Status Epilepticus Therapy Granted Fast Track Status

The FDA has designated Fast Track status to SAGE-547 (SAGE Therapeutics) for the treatment of adult patients with refractory status epilepticus who have not responded to standard regimens.

RG-102 Desginated Orphan Drug for Alport Syndrome

The FDA has granted Orphan Drug designation to RG-012 (Regulus), a single stranded, chemically modified oligonucleotide that binds to and inhibits the function of microRNA-21 for the treatment of Alport syndrome.

Positive Phase 3 Results in Secondary Hyperparathyroidism with AMG 416

Positive Phase 3 results announced for AMG 416 (Amgen) for the treatment of secondary hyperparathyroidism in patients with chronic kidney disease (CKD), receiving hemodialysis.

Eylea Efficacious in Diabetic Macular Edema Trial

Regeneron announced results from its Phase 3 VIVID-DME trial of Eylea (afilbercept) injection for the treatment of diabetic macular edema (DME).

FDA Designates Antifungal Agent QDIP Status

The FDA has designated isavuconazole (Astellas) as a Qualified Infectious Disease Product (QDIP) for the treatment of invasive candidiasis.

Nintedanib Granted Breakthrough Therapy for Idiopathic Pulmonary Fibrosis

The FDA has granted Breakthrough Therapy designation to Boehringer Ingelheim's nintedanib for the treatment of idiopathic pulmonary fibrosis (IPF).

Positive Phase 3 Results for Once Weekly Prophylaxis for Hemophilia B

Positive Phase 3 Results for Once Weekly Prophylaxis for Hemophilia B

Pfizer announced positive results of a Phase 3 study comparing BeneFIX Coagulation Factor IX (Recombinant) to on-demand treatment in patients with moderately severe to severe hemophilia B.

Olysio + Sofosbuvir sNDA Designated Priority Review

The FDA has designated Priority Review to the supplemental New Drug Application (sNDA) for Olysio (simeprevir) in combination with sofosbuvir for 12 weeks of treatment in adults with genotype 1 chronic hepatitis C.
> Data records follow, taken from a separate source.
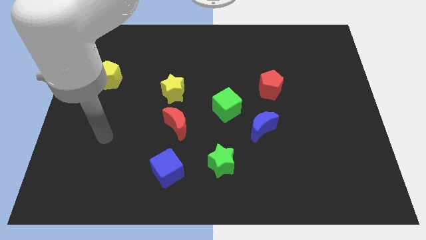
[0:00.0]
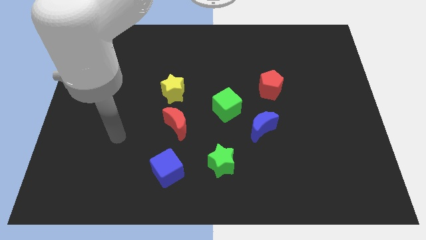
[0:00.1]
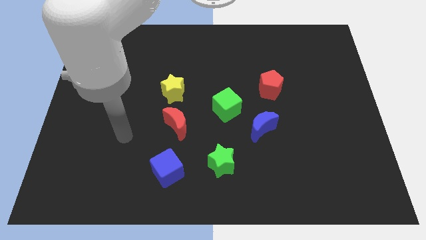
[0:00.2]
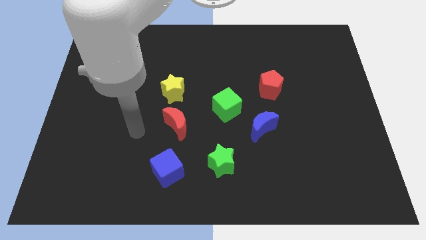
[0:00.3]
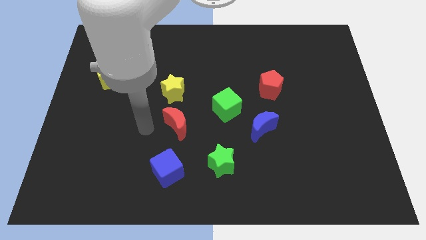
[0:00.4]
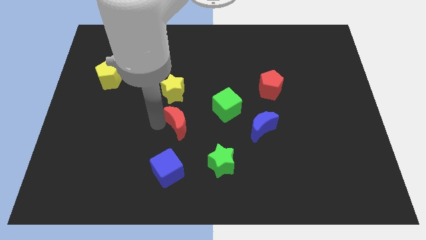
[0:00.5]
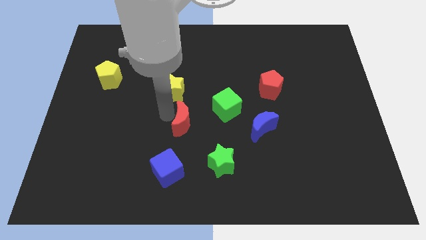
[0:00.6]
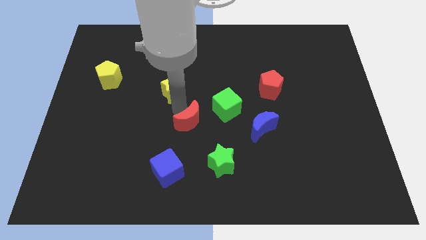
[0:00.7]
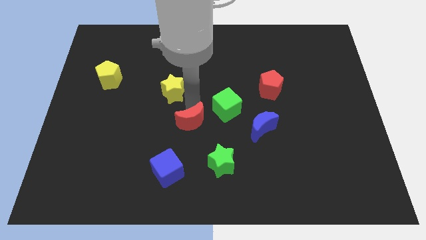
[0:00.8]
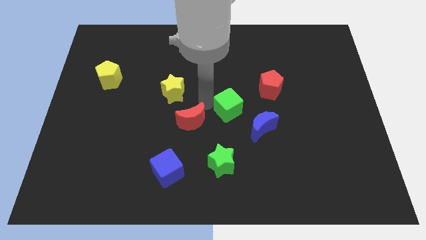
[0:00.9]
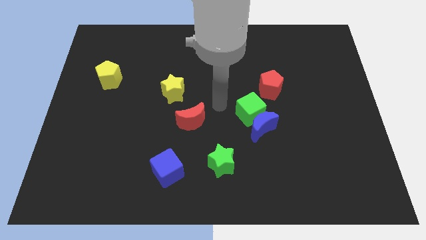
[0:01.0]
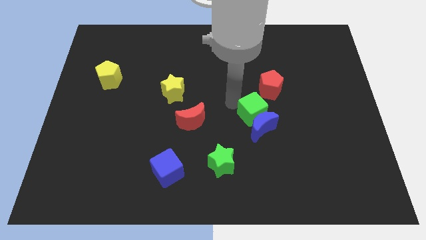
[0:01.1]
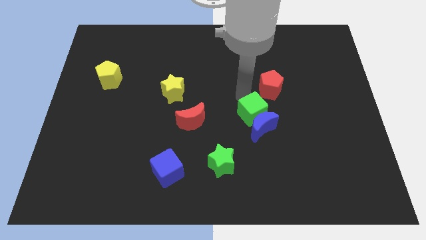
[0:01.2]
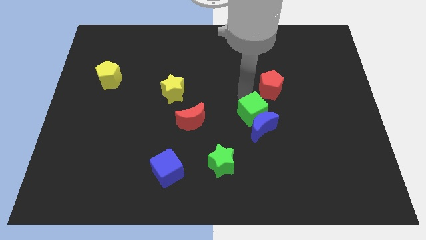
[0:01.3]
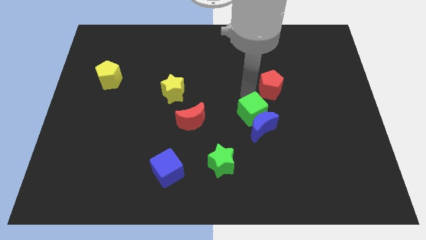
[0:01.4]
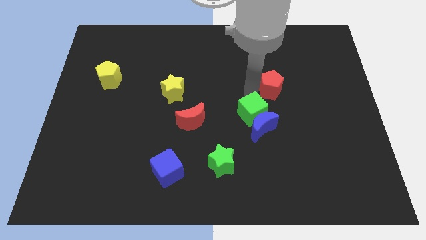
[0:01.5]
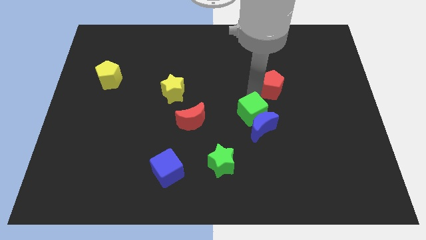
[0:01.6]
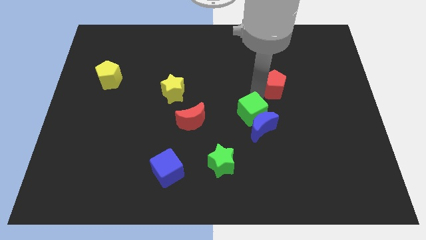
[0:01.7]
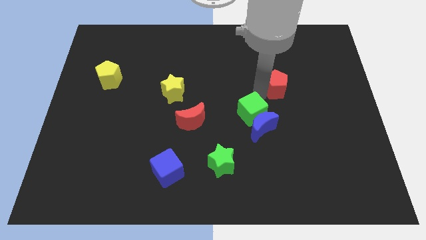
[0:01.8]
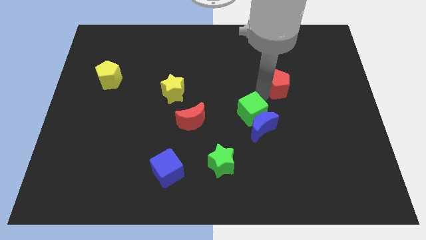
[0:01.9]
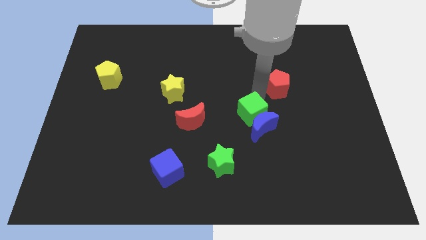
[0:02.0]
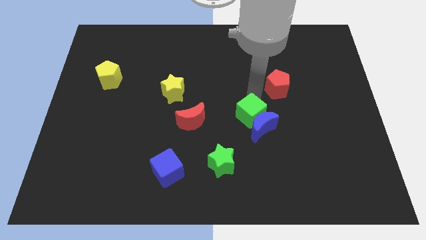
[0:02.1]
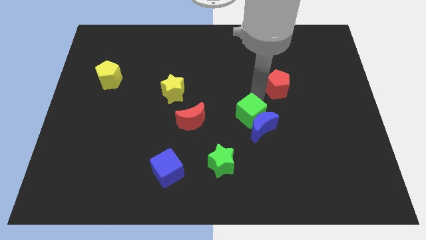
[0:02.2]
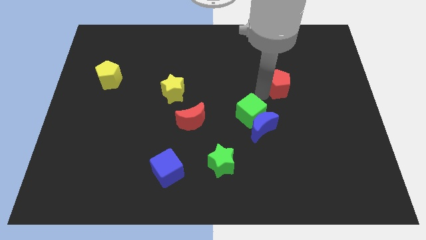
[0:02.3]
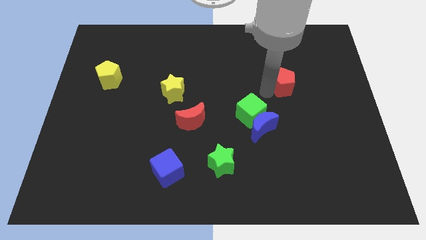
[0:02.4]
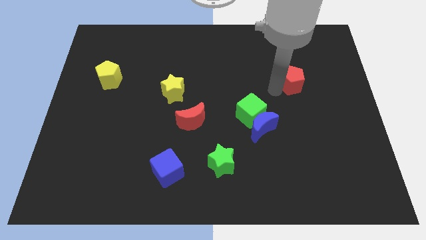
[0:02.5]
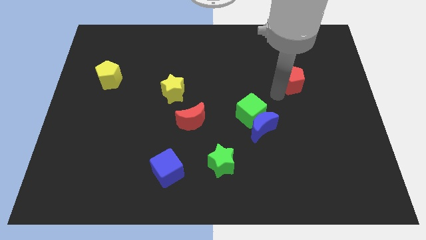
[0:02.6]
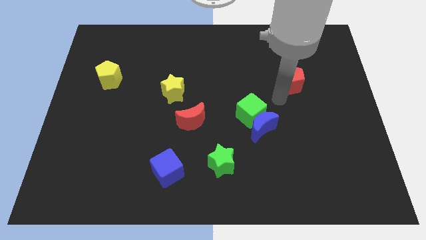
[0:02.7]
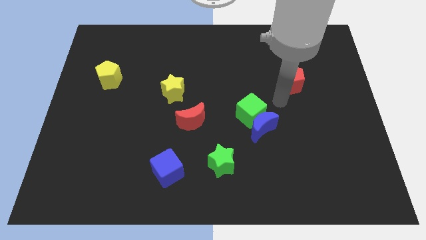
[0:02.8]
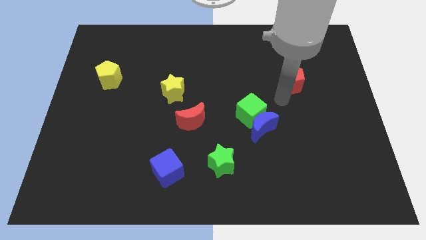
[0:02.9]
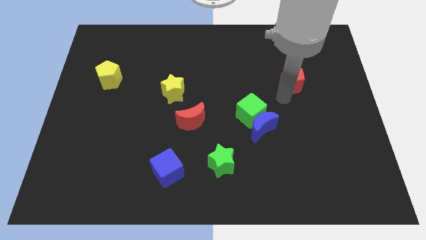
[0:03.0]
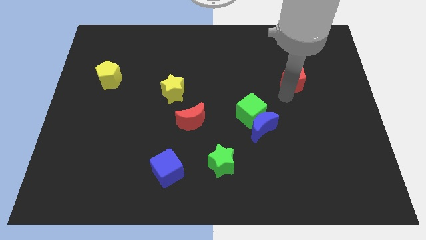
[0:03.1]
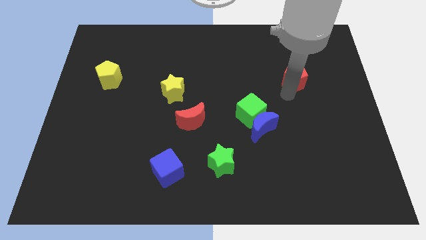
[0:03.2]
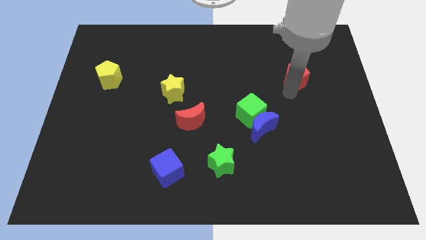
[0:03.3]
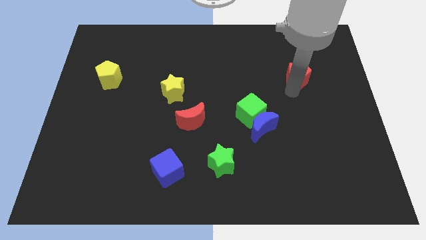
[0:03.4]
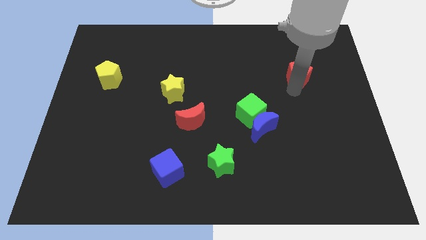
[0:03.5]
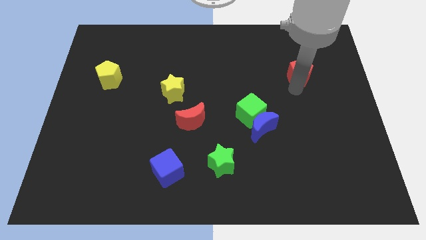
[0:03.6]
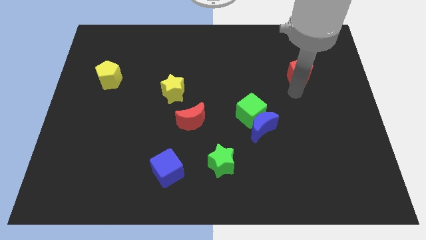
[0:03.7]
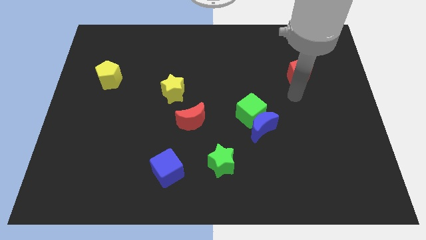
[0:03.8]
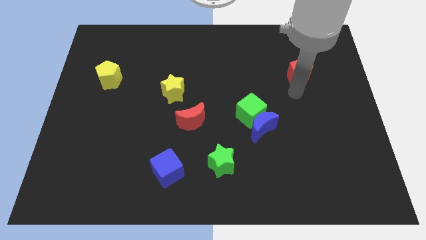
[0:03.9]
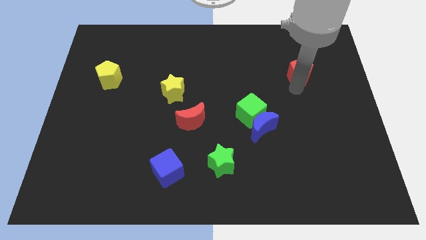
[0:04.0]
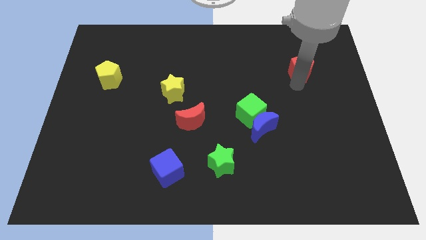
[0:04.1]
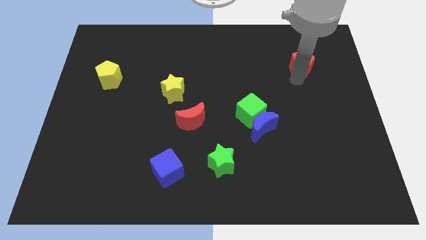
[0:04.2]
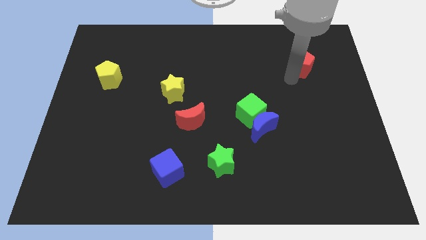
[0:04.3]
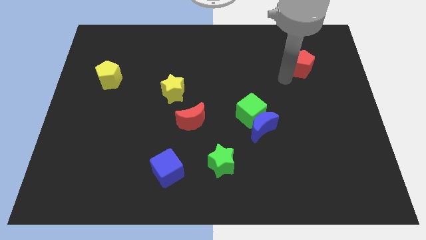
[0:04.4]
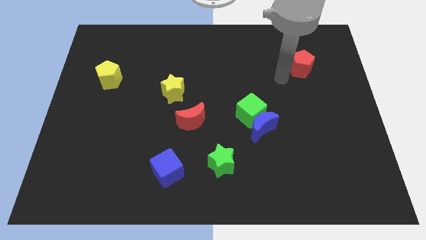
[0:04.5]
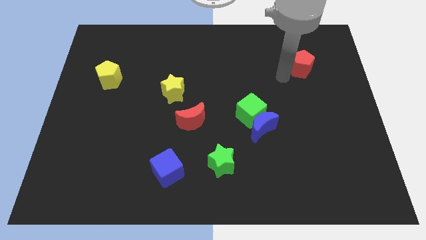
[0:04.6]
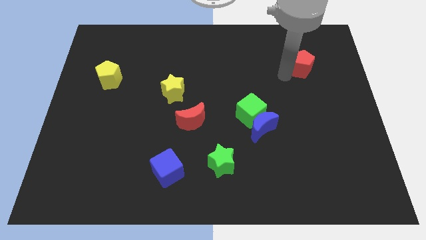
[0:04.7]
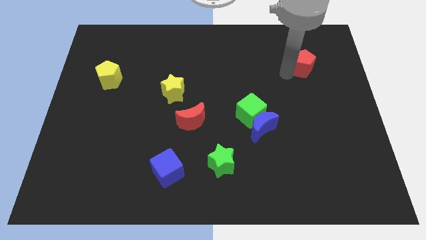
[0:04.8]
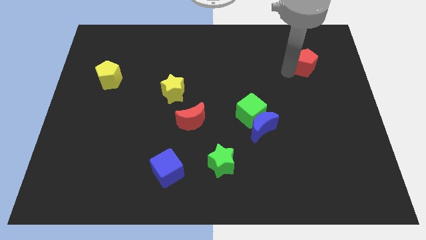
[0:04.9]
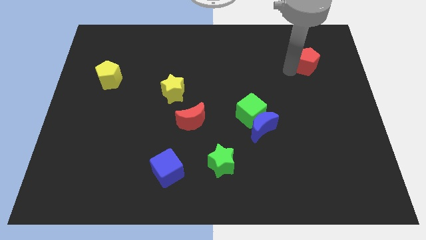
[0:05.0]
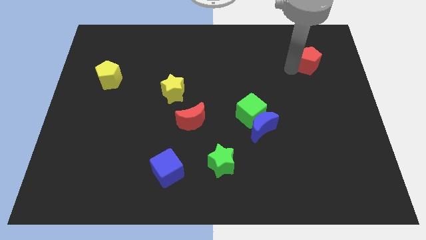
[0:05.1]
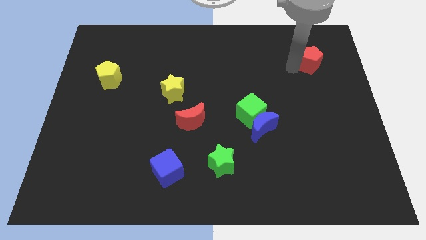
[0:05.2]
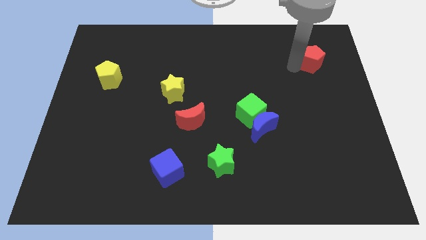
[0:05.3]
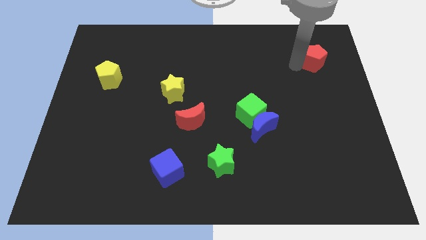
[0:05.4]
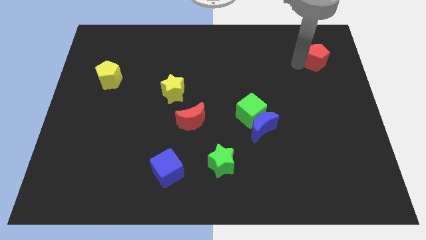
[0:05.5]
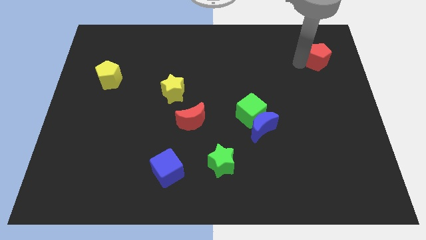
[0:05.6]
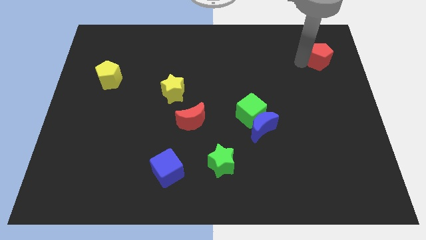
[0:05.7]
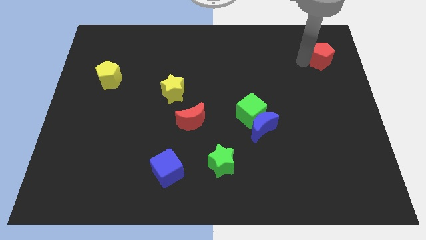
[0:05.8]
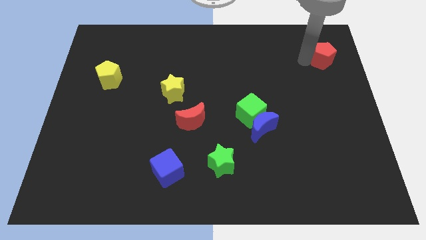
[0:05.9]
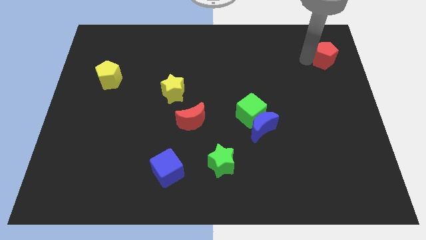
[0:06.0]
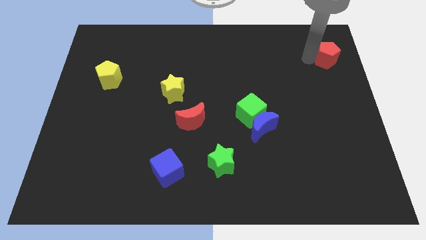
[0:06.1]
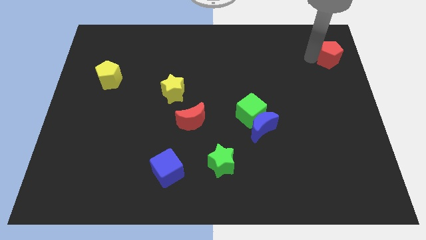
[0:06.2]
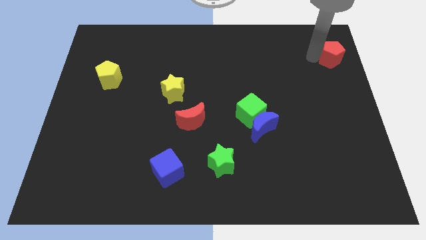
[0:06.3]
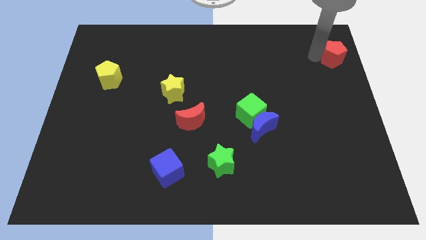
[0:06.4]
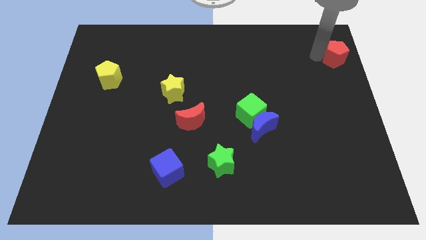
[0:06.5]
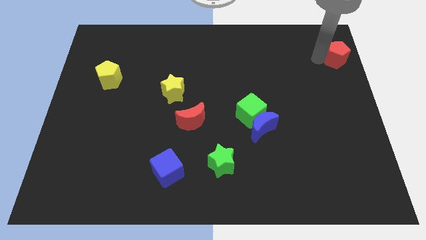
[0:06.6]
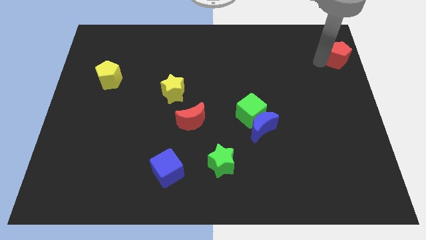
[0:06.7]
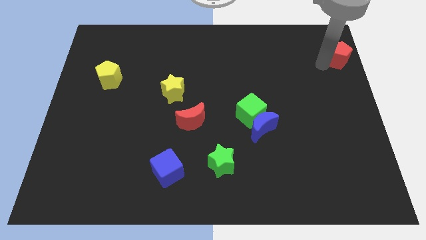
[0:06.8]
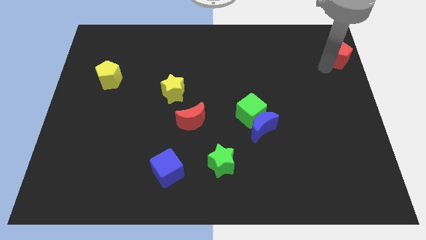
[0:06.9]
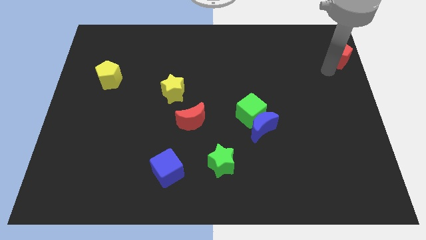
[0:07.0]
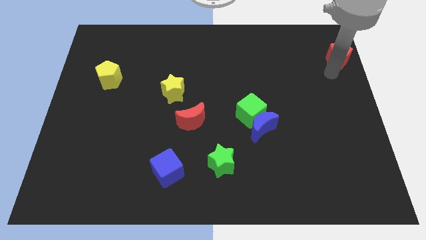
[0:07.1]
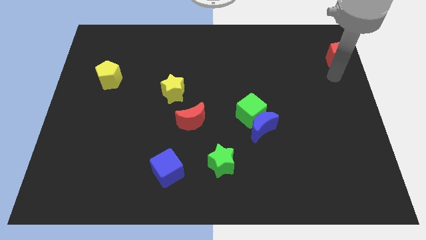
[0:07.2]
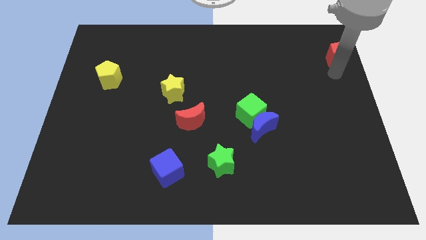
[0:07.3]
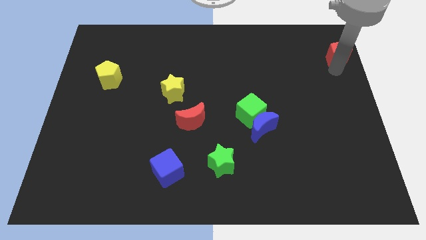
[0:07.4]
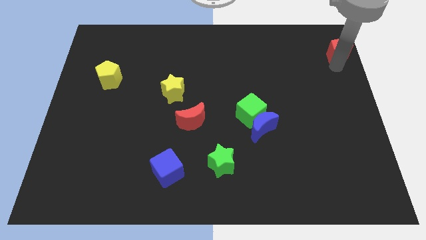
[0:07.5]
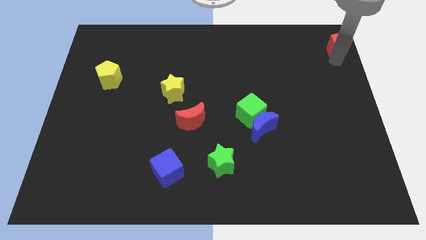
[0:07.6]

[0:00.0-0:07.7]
move the red pentagon to the top right of the board

FDA Accepts NDA Resubmission for PA32540/PA8140

The FDA has accepted for review Pozen's resubmitted New Drug Application (NDA) for aspirin and omeprazole (PA32540/PA8140) delayed-release tablets.

Priority Review, sBLA Granted for Cervical Cancer Tx

The FDA has accepted Genentech's supplemental Biologics License Application (sBLA) and granted Priority Review for Avastin (bevacizumab) plus chemotherapy for the treatment of women with persistent, recurrent or metastatic cervical cancer.
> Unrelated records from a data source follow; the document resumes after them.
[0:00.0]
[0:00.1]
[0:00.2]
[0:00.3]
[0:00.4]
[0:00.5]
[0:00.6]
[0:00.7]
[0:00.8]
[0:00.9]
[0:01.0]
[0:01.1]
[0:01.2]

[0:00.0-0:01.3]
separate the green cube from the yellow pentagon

Methylphenidate XR-ODT Effective in Phase 3 ADHD Study

Neos Therapeutics announced the completion of a positive Phase 3 study for its investigational methylphenidate XR-ODT (NT-0102) drug candidate in children with Attention Deficit/Hyperactivity Disorder (ADHD).

Albuterol MDPI NDA Accepted for Review for Bronchospasms

The FDA has accepted for review Teva's New Drug Application (NDA) for albuterol multi-dose dry-powder inhaler (MDPI) for the treatment or prevention of bronchospasm in patients with reversible obstructive airway disease and for the prevention of exercise-induced bronchospasm (EIB) both in patients ≥12 years of age.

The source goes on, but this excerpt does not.